If the clarity of an epiphany jolts into perspective some portraits, others reveal their truth through more subtle manoeuvres, the subject of the portrait emerging only as a shade or suggestion. They grow as whispers, with wisps of colour and shade suggested in hazy, impressionistic strokes, as if seen through a smokescreen, or through a dew-laden window pane. Parveen Qadir Agha, an ode to Shakir’s friend with whom she resided along with her son for the latter part of her life, and who is presently chairperson of the Perveen Shakir Trust, is a beautiful study in portraits chiselled aslant. We only ever see the subject of the portrait at the end, like a shadow, an angel. Instead, we are shown Parveen Qadir Agha’s portrait through the pain of the poet she addresses through her actions.

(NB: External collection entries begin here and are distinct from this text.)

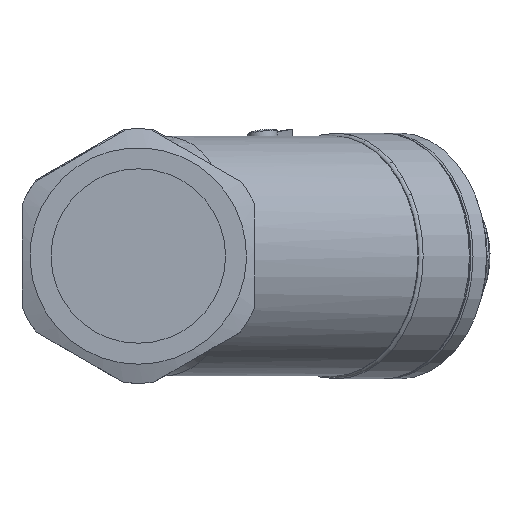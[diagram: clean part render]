
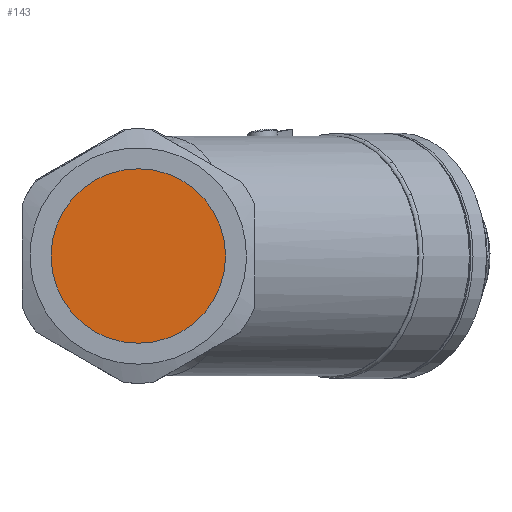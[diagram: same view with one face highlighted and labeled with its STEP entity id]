
A CAD part, left-side view. The second image highlights one B-rep face of the part: STEP entity #143.
In plain terms, the highlighted planar face has unit normal (-1, 0, 0).
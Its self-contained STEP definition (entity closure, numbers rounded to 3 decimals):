
#123=CARTESIAN_POINT('',(-65.0,-12.,0.));
#124=VERTEX_POINT('',#123);
#125=CARTESIAN_POINT('',(-65.0,0.0,0.));
#126=DIRECTION('',(-1.0,0.0,0.0));
#127=DIRECTION('',(0.0,-1.0,0.0));
#128=AXIS2_PLACEMENT_3D('',#125,#126,#127);
#129=CIRCLE('',#128,12.);
#130=EDGE_CURVE('',#124,#124,#129,.T.);
#135=CARTESIAN_POINT('',(-65.0,0.0,0.));
#136=DIRECTION('',(-1.0,0.0,0.0));
#137=DIRECTION('',(0.0,-1.0,0.0));
#138=AXIS2_PLACEMENT_3D('',#135,#136,#137);
#139=PLANE('',#138);
#140=ORIENTED_EDGE('',*,*,#130,.T.);
#141=EDGE_LOOP('',(#140));
#142=FACE_OUTER_BOUND('',#141,.T.);
#143=ADVANCED_FACE('',(#142),#139,.T.);
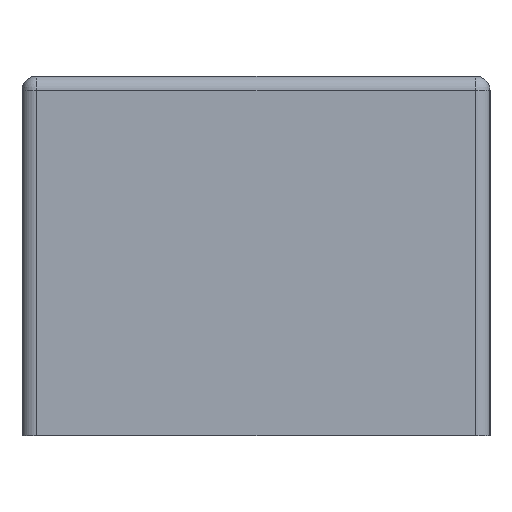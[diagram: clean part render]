
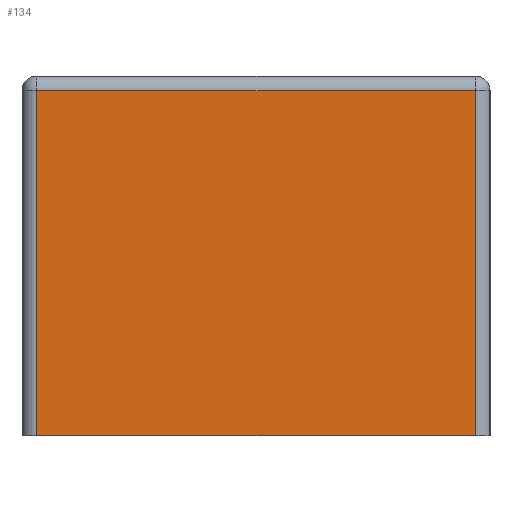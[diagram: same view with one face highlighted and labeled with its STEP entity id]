
A CAD part, left-side view. The second image highlights one B-rep face of the part: STEP entity #134.
In plain terms, the highlighted planar face has unit normal (-1, 0, 0).
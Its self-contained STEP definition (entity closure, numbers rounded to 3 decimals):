
#95 = CARTESIAN_POINT ( 'NONE',  ( -10., -3.75, 5.9 ) ) ;
#96 = VERTEX_POINT ( 'NONE', #95 ) ;
#97 = CARTESIAN_POINT ( 'NONE',  ( -10., 3.75, 5.9 ) ) ;
#98 = VERTEX_POINT ( 'NONE', #97 ) ;
#99 = CARTESIAN_POINT ( 'NONE',  ( -10., -4., 5.9 ) ) ;
#100 = DIRECTION ( 'NONE',  ( 0., 1., 0. ) ) ;
#101 = VECTOR ( 'NONE', #100, 1000. ) ;
#102 = LINE ( 'NONE', #99, #101 ) ;
#103 = EDGE_CURVE ( 'NONE', #96, #98, #102, .T. ) ;
#104 = ORIENTED_EDGE ( 'NONE', *, *, #103, .T. ) ;
#105 = CARTESIAN_POINT ( 'NONE',  ( -10., 3.75, 0. ) ) ;
#106 = VERTEX_POINT ( 'NONE', #105 ) ;
#107 = CARTESIAN_POINT ( 'NONE',  ( -10., 3.75, 6.15 ) ) ;
#108 = DIRECTION ( 'NONE',  ( 0., 0., -1. ) ) ;
#109 = VECTOR ( 'NONE', #108, 1000. ) ;
#110 = LINE ( 'NONE', #107, #109 ) ;
#111 = EDGE_CURVE ( 'NONE', #98, #106, #110, .T. ) ;
#112 = ORIENTED_EDGE ( 'NONE', *, *, #111, .T. ) ;
#113 = CARTESIAN_POINT ( 'NONE',  ( -10., -3.75, 0. ) ) ;
#114 = VERTEX_POINT ( 'NONE', #113 ) ;
#115 = CARTESIAN_POINT ( 'NONE',  ( -10., -4., 0. ) ) ;
#116 = DIRECTION ( 'NONE',  ( 0., -1., 0. ) ) ;
#117 = VECTOR ( 'NONE', #116, 1000. ) ;
#118 = LINE ( 'NONE', #115, #117 ) ;
#119 = EDGE_CURVE ( 'NONE', #106, #114, #118, .T. ) ;
#120 = ORIENTED_EDGE ( 'NONE', *, *, #119, .T. ) ;
#121 = CARTESIAN_POINT ( 'NONE',  ( -10., -3.75, 6.15 ) ) ;
#122 = DIRECTION ( 'NONE',  ( 0., 0., 1. ) ) ;
#123 = VECTOR ( 'NONE', #122, 1000. ) ;
#124 = LINE ( 'NONE', #121, #123 ) ;
#125 = EDGE_CURVE ( 'NONE', #114, #96, #124, .T. ) ;
#126 = ORIENTED_EDGE ( 'NONE', *, *, #125, .T. ) ;
#127 = EDGE_LOOP ( 'NONE', ( #104, #112, #120, #126 ) ) ;
#128 = FACE_OUTER_BOUND ( 'NONE', #127, .T. ) ;
#129 = CARTESIAN_POINT ( 'NONE',  ( -10., -4., 6.15 ) ) ;
#130 = DIRECTION ( 'NONE',  ( 1., 0., 0. ) ) ;
#131 = DIRECTION ( 'NONE',  ( 0., 1., 0. ) ) ;
#132 = AXIS2_PLACEMENT_3D ( 'NONE', #129, #130, #131 ) ;
#133 = PLANE ( 'NONE', #132 ) ;
#134 = ADVANCED_FACE ( 'NONE', ( #128 ), #133, .F. ) ;
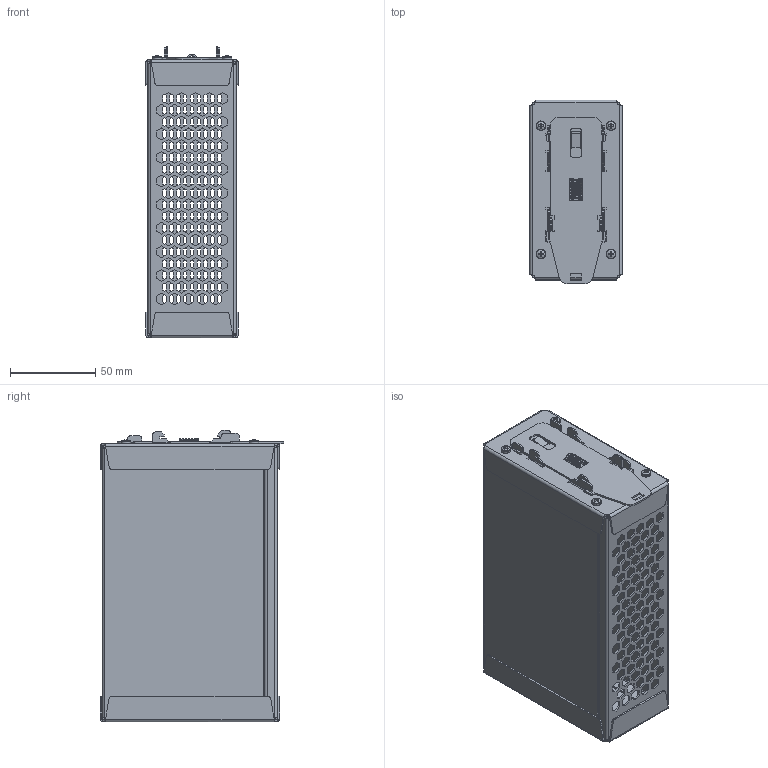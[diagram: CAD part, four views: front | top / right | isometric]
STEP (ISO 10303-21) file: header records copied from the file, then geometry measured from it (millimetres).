
FILE_DESCRIPTION(/* description */ (''),/* implementation_level */ '2;1');
FILE_NAME(/* name */ '2904039_3D.stp',/* time_stamp */ '2016-11-09T10:29:05+01:00',/* author */ ('hransiek'),/* organization */ (''),/* preprocessor_version */ 'ST-DEVELOPER v16.1',/* originating_system */ 'Autodesk Inventor 2016',/* authorisation */ '');
FILE_SCHEMA (('AUTOMOTIVE_DESIGN { 1 0 10303 214 3 1 1 }'));
Products named in the file (15): 2904039_Abdeckung unten_3D; 2904039_Abdeckung unten_3D_1; 2904039_Rastfuss_3D; 2904039_Rastfuss_3D_1; 2904039_Innerteil Halbschale links_3D; S_M3_1_3DSYM; 2904039_Innerteil Halbschale links_3D_1; 2904039_Innerteil Halbschale rechts_3D; 2904039_Innerteil Halbschale rechts_3D_1; 2904039_Abdeckung oben_3D; 2904039_Abdeckung oben_3D_1; VD_144B_Gespannt; SHR Z M3X6 DINENISO 7045 OG_3DSYM ~PART1; BLINT 7337B 3,0x6-für 2mm Stärke_3Dsym; 2904039_3D
Assembly tree (23 placements, depth 3):
  2904039_3D
    2904039_Abdeckung unten_3D_1
      2904039_Abdeckung unten_3D
    2904039_Rastfuss_3D_1
      2904039_Rastfuss_3D
    2904039_Innerteil Halbschale links_3D_1
      2904039_Innerteil Halbschale links_3D
      S_M3_1_3DSYM  x2
    2904039_Innerteil Halbschale rechts_3D_1
      2904039_Innerteil Halbschale rechts_3D
      S_M3_1_3DSYM  x2
    2904039_Abdeckung oben_3D_1
      2904039_Abdeckung oben_3D
    VD_144B_Gespannt
    SHR Z M3X6 DINENISO 7045 OG_3DSYM ~PART1  x4
    BLINT 7337B 3,0x6-für 2mm Stärke_3Dsym  x4
Bounding box: 54 x 107.5 x 170.4 mm (x, y, z)
Volume: 71717.1 mm3; surface area: 150675.3 mm2
Topology: 18 solids, 18 shells, 1862 faces, 5198 edges, 3380 vertices
Faces by surface type: plane 1588, cylinder 196, bspline 34, cone 28, torus 8, sphere 8
Full cylindrical faces by diameter (mm): 2.599 x4, 3 x4, 3.1 x8, 3.2 x4, 3.3 x4, 4.25 x4, 4.431 x4, 5.6 x4, 6 x4, 6.3 x4
Entity records: 62607 total; most frequent: CARTESIAN_POINT 16207, ORIENTED_EDGE 9824, DIRECTION 8694, EDGE_CURVE 4912, LINE 4500, VECTOR 4500, VERTEX_POINT 3218, EDGE_LOOP 2202
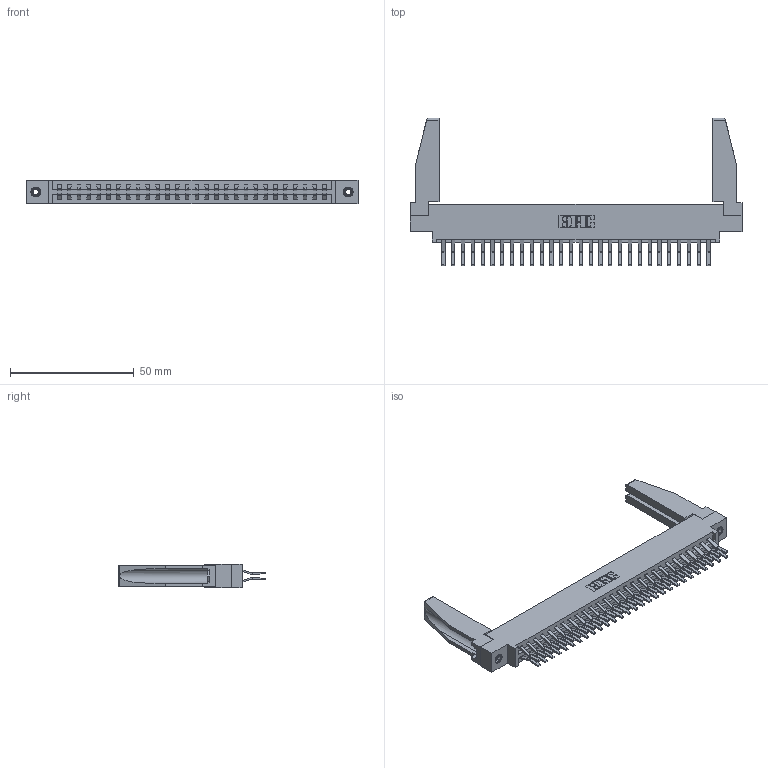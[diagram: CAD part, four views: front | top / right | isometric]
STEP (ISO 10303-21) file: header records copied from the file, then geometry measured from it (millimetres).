
FILE_DESCRIPTION (( 'STEP AP203' ), '1' );
FILE_NAME ('337-056-560-878.STEP', '2019-10-11T20:20:11', ( '' ), ( '' ), 'SwSTEP 2.0', 'SolidWorks 2016', '' );
FILE_SCHEMA (( 'CONFIG_CONTROL_DESIGN' ));
Length unit declared in the file: inch
Products named in the file (5): 337 Part_0.170 Offset - 0.156 Dia-TI; 345-292-001_560 Tail; 307-220-078; 345-250-001_345-250-001-102; 337-056-560-878
Assembly tree (61 placements, depth 2):
  337-056-560-878
    337 Part_0.170 Offset - 0.156 Dia-TI
    345-292-001_560 Tail  x56
    345-250-001_345-250-001-102  x2
    307-220-078  x2
Bounding box: 133.96 x 59.58 x 9.4 mm (x, y, z)
Volume: 18174.3 mm3; surface area: 20896.2 mm2
Topology: 61 solids, 61 shells, 3384 faces, 10005 edges, 6586 vertices
Faces by surface type: plane 2286, cylinder 1082, cone 12, torus 4
Entity records: 26180 total; most frequent: CARTESIAN_POINT 4424, ORIENTED_EDGE 4316, DIRECTION 3798, EDGE_CURVE 2158, LINE 1988, VECTOR 1988, VERTEX_POINT 1432, AXIS2_PLACEMENT_3D 905

“You are dead to us,/ the family’s steely silence pronounced,/ and without as much as a word,/ I left forever my father’s house.

“A night that loomed ahead like a mountain’s crest,/ blood-thirsty wolves on all four sides.

“I cried so much that day,/ that were the world an empty cauldron,/ my tears would have flooded it over.”

Embedded here is the deeper truth that for these angels in human guise, actions speak louder than words.

The chilling Macbeth opens with Macbeth, cutting into the story at the point of highest guilt, after the murder of Duncan.

“Startled eyes are accursed to eternal wakefulness./ Sleep slips through the eyes like fish through fingers,/ as if aquiver with the premonition of nightmares to come.”

From here, we swivel across straight to the lip of the ocean, where an old woman sits bowing at the edge, the stains of blood etched in her mind so indelible that all oceans of the world do not contain enough water between them to cleanse her conscience.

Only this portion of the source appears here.